Does level set has a boundary?

Question

Let $g:\mathbb{R}^n \to \mathbb{R}$ be a continuous function and for some $c>0$, we think its $c$-level set $g^{-1}(c)$.

Then does $g^{-1}(c)$ has a boundary? For example, is it possible that the set $\{x\in \mathbb{R} | 0\le x \le 1\}$ could be a level set of some continuous function?

I heard that if $g$ is differentiable, then its level set should be always manifold and so it thus not have boundary.

But how about level set for continuous function?

Any comments will be appreciated!

Answer 1

Yes the segment $[0,1]$ can be a level set of a continuous function.
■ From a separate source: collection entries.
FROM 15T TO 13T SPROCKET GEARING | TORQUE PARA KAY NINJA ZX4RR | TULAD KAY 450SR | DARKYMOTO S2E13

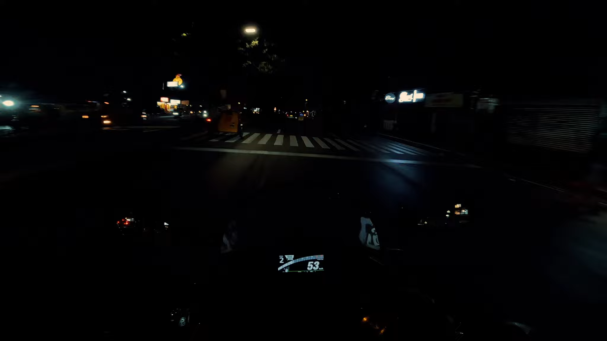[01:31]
Second gear. Pero ngayon kahit parang third gear kaya niyang umarangkada. Medyo tall kasi yung gear ng stock eh. Feel ko ah. Parang aabot siya ng 11,000 or yung power band niya ng medyo late. Kaya natin pinapalitan ng sprocket para mabilis siyang aangat.
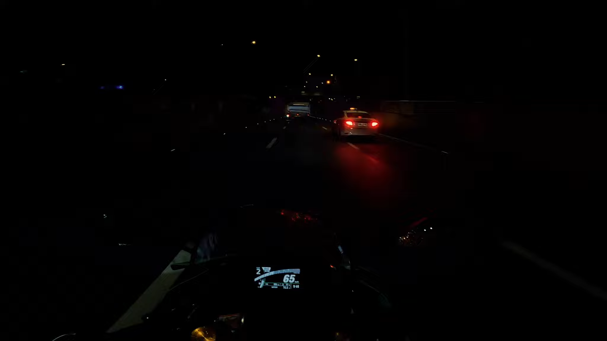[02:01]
Sibat siya agad. Pero medyo basa yung kalsada kaya ano.
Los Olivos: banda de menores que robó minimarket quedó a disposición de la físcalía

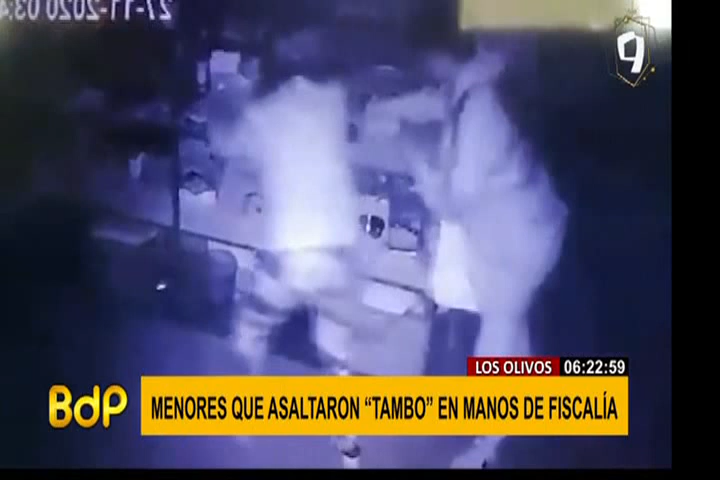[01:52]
Uno de ellos ocurrió a inicios de este mes en un local de la pastelería Pieros, ubicada en Comas. Vean que la forma de actuar es muy parecida,
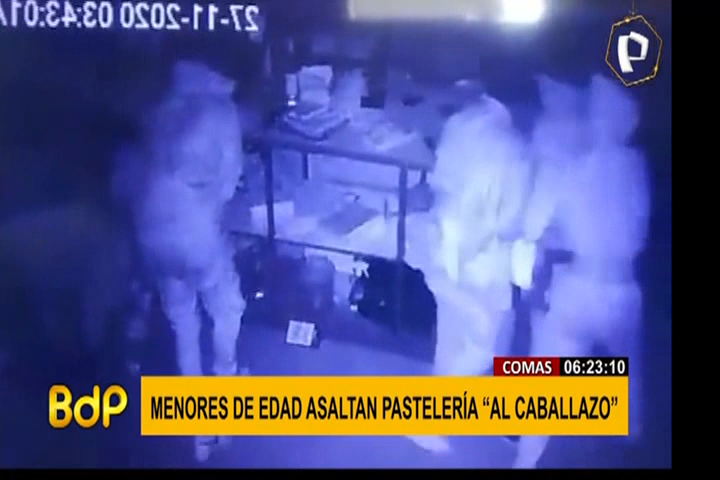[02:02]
ingresa un grupo numeroso y roban empujándose, lo que vulgarmente se conoce como al caballazo.
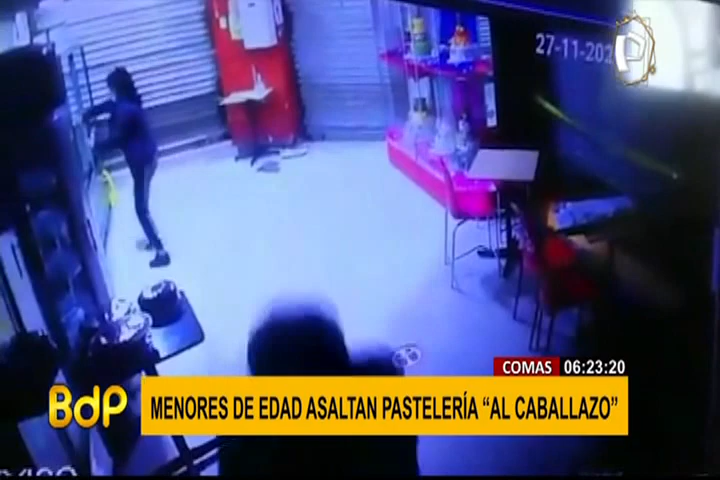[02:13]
Rebuscan cada uno de los ambientes y se llevan dinero en efectivo, parlantes y hasta los pasteles que se iban a vender al día siguiente.
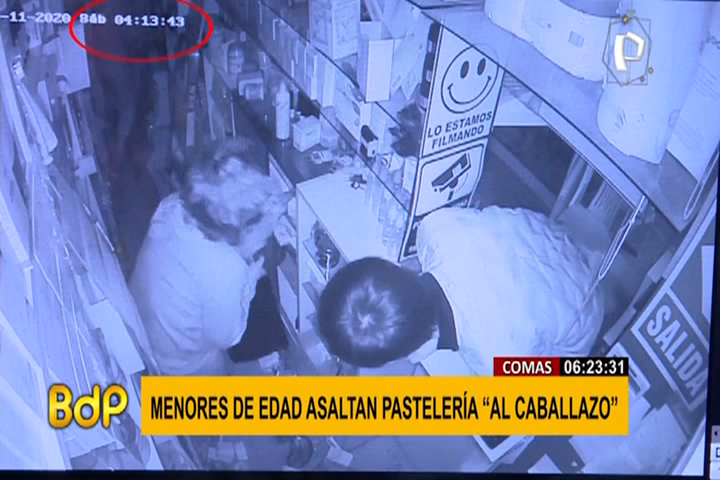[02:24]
Otro es el robo a una botica el pasado 28 de noviembre. En aquella oportunidad, tres menores se llevaron 3.500 soles en productos farmacéuticos.
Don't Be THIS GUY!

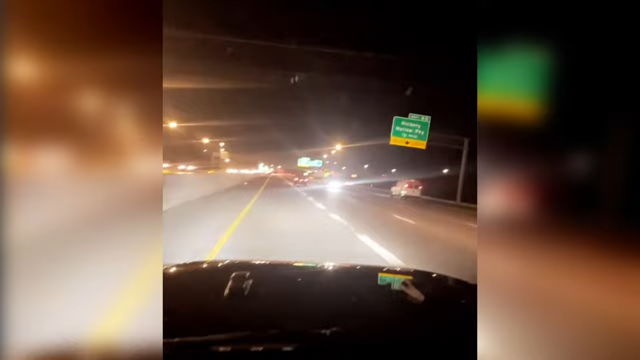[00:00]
Recently I came across this video making the rounds, and the comments on it were what you'd expect. The driver installed rear-facing super bright LED lights and is being a menace to everyone on the road. However, you would probably expect someone like this to be in the left lane tailgating someone, but they're not.
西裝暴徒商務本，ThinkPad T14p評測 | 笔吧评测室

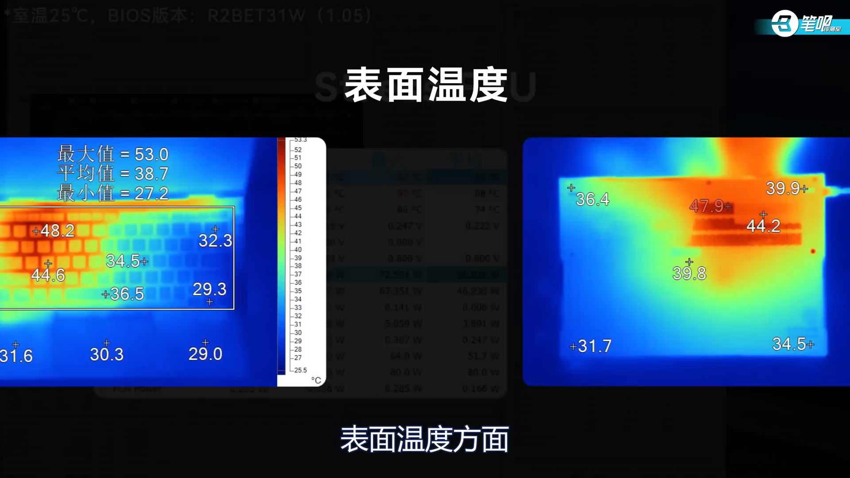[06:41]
4GHz表面温度方面由于核心位置在机身的左上方导致键盘最高温度出现在了数字二键48.2度WASD键位44.6度温度较高日常高强度使用时会受影响底面最高温44.
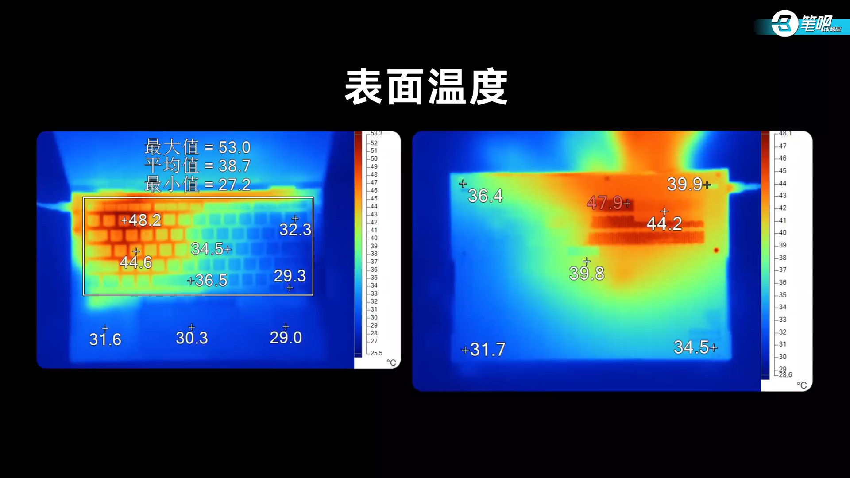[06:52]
2度同样出现在核心位置噪音方面在环境35.4分贝的情况下烤机时噪音47.
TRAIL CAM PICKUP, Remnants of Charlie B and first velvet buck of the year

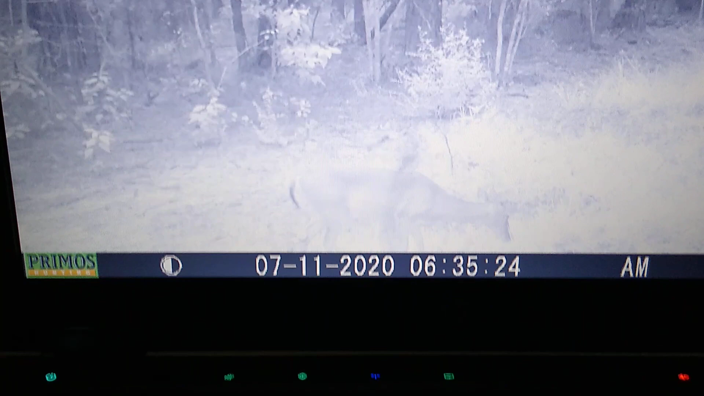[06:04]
she ought to have i've seen some spotted spotted fawns not much bigger than a jackrabbit cross the road in the area so i know they've already had their fawns and she ain't very she ain't showing no signs of being big but she's the same doe he was with last year when he was just below three point boy she's liking that she's liking that bush
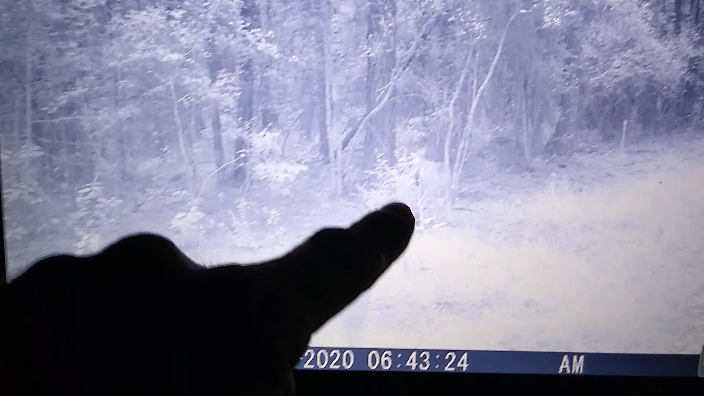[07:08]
she's still there them have now been removed i took those shefflet field the other day and just cut them off at the ground all
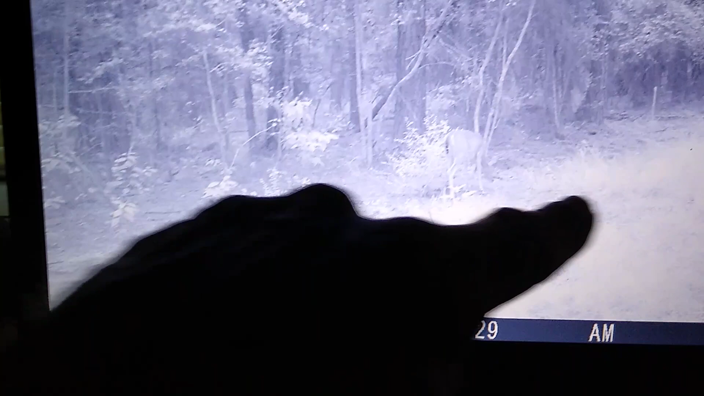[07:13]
these little all these little yeah i don't know it's got the little purple berries on it and that's just some kind of little old bush that is no longer there
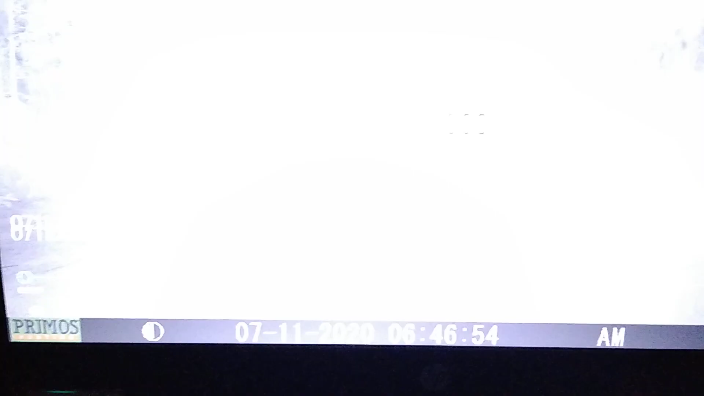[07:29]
it's no longer there because it's in my up there he is right there there
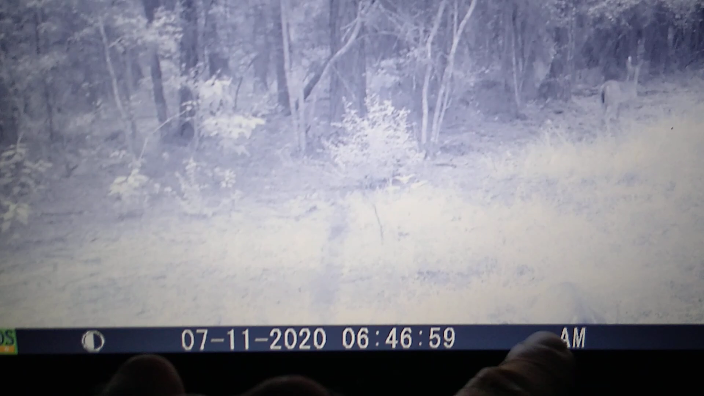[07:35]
he is and then there she is she's she's she's a diddling with that bush i don't know if i removed that or not might have no telling he got some long old brow tines he'll be a good buck next year and he'll sure enough be a good one year after next but
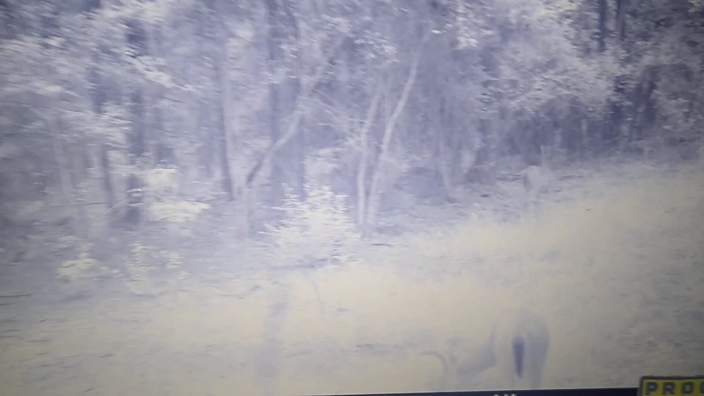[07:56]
them people that hunt across the road they'll be waylaying him that's for sure
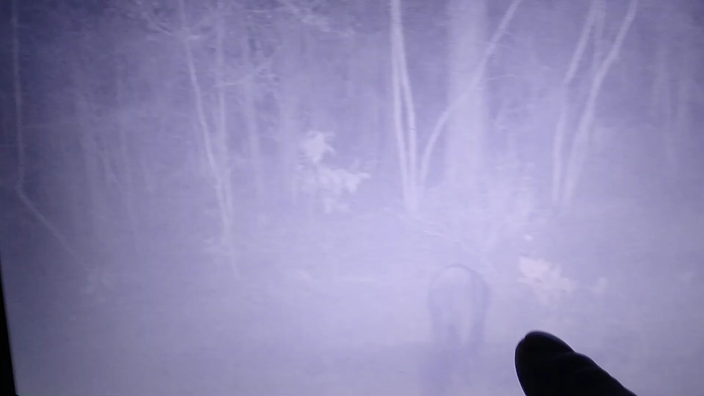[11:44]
there's that big hog again walk right up to the charlie tree boy catfish charlie's a good hog attractor boy let me tell
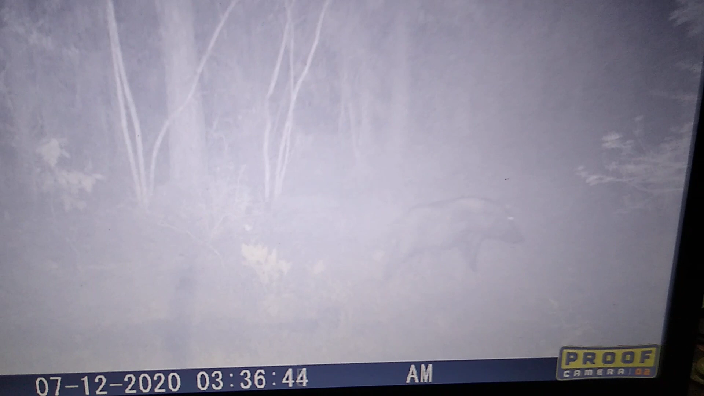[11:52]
you that right there's a sherman tank he's a good 300 three and a quarter i promise you
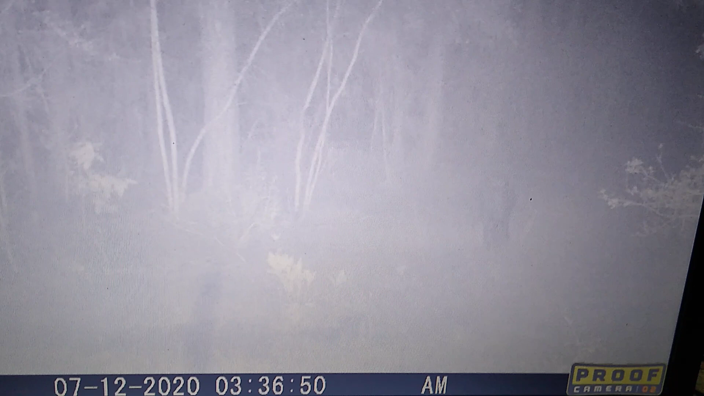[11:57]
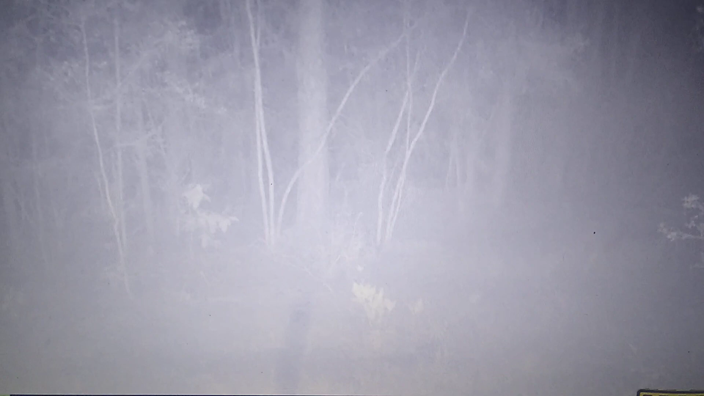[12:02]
he ambles off into the night time there's the coyote i don't know if he he must have come at
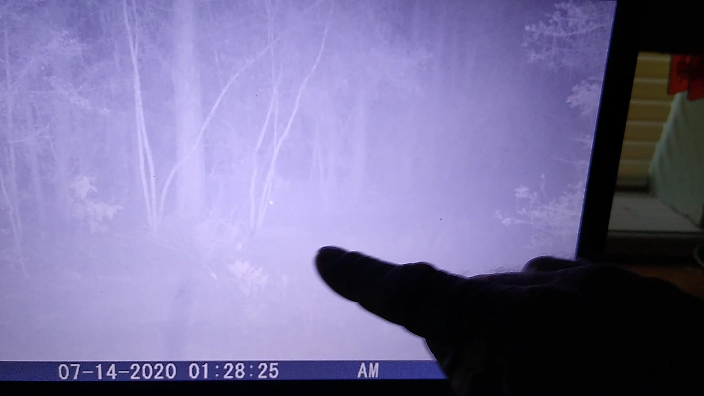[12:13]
an angle like this he didn't even walk and check the charlie but them hogs them hogs can still smell it
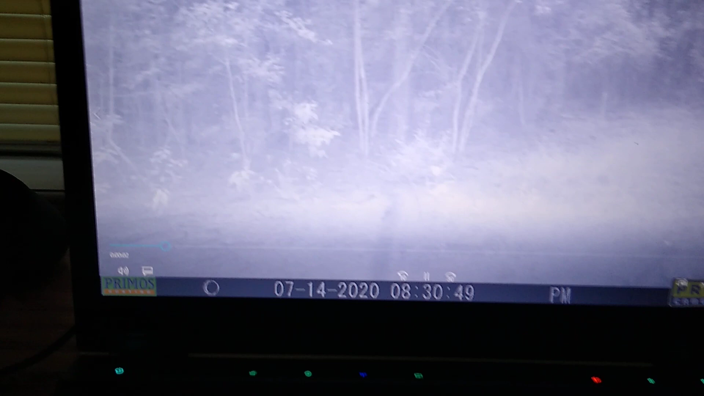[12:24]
i don't know what his there it is that's that doe she's what's triggered it
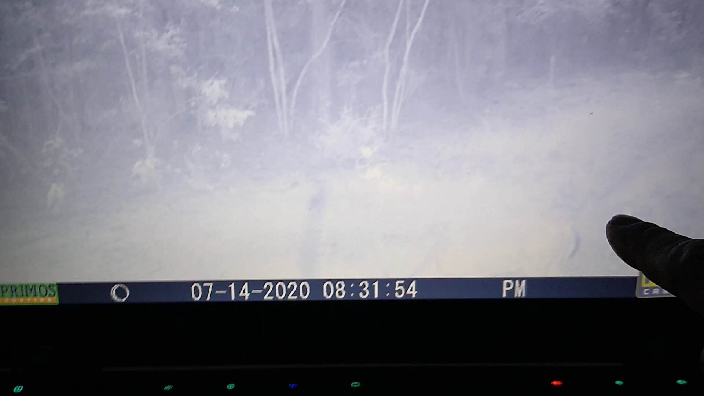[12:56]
that's that little old dank buck
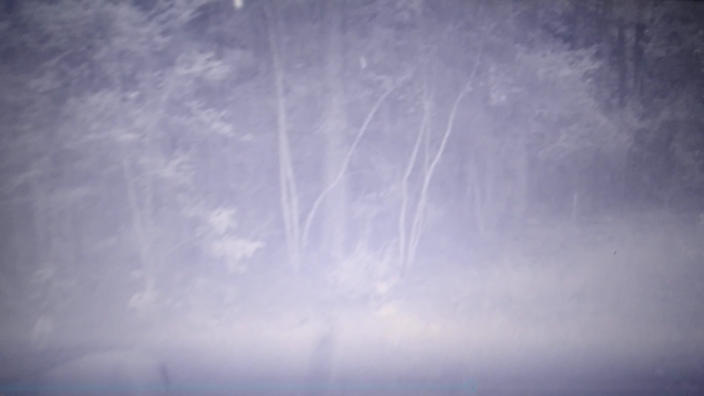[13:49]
he'll be tall too he's got man he's got some tall brow tines
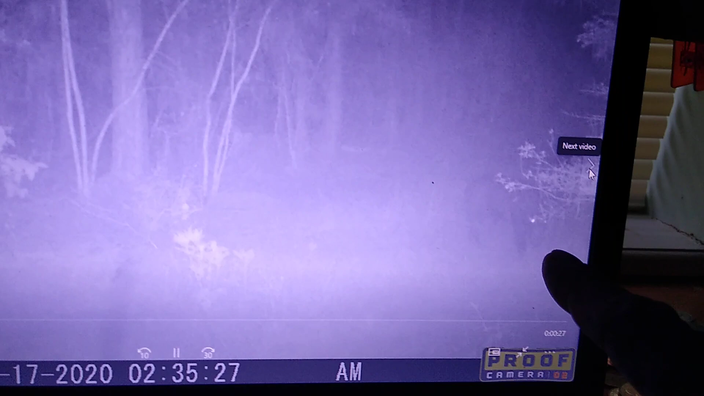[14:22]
and there he there's the top of the back when i angle that thing down i'll i have i have just had just the tip tines of a buck walking back and forth it's tines
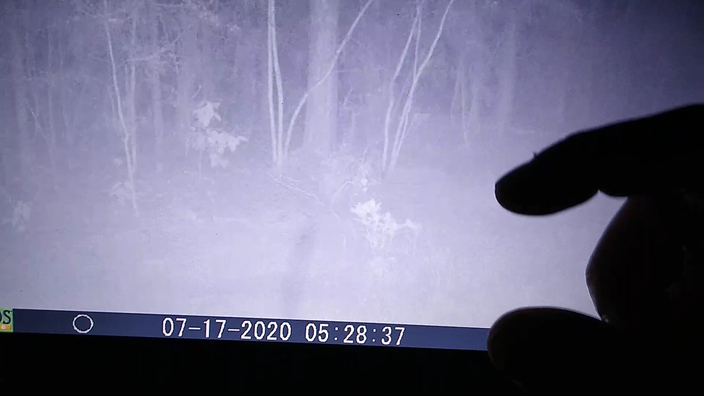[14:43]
it's tines is what triggers the camera but you can't see nothing but the tip of it

But for the example I'm going to construct it will be more convenient to show that $[1,2]$ is a level set of a continuous function

Consider the following continuous "trapezoid" function $f:\mathbb{R}\rightarrow\mathbb{R}$

1. For $x<0$ we let $f(x)=0$.
2. For $0\leq x<1$ let $f(x)=x$
3. For $1\leq x\leq 2$ let $f(x)=1$
4. for $2< x\leq 3$ let $f(x)= 3-x$
5. for $3<x$ let $f(x)=0$

(draw it)

I leave it as an exercise for you to show that this function is continuous (note that it is far from being differentiable). And it is easy to see that $[1,2]=f^{-1}(1)$.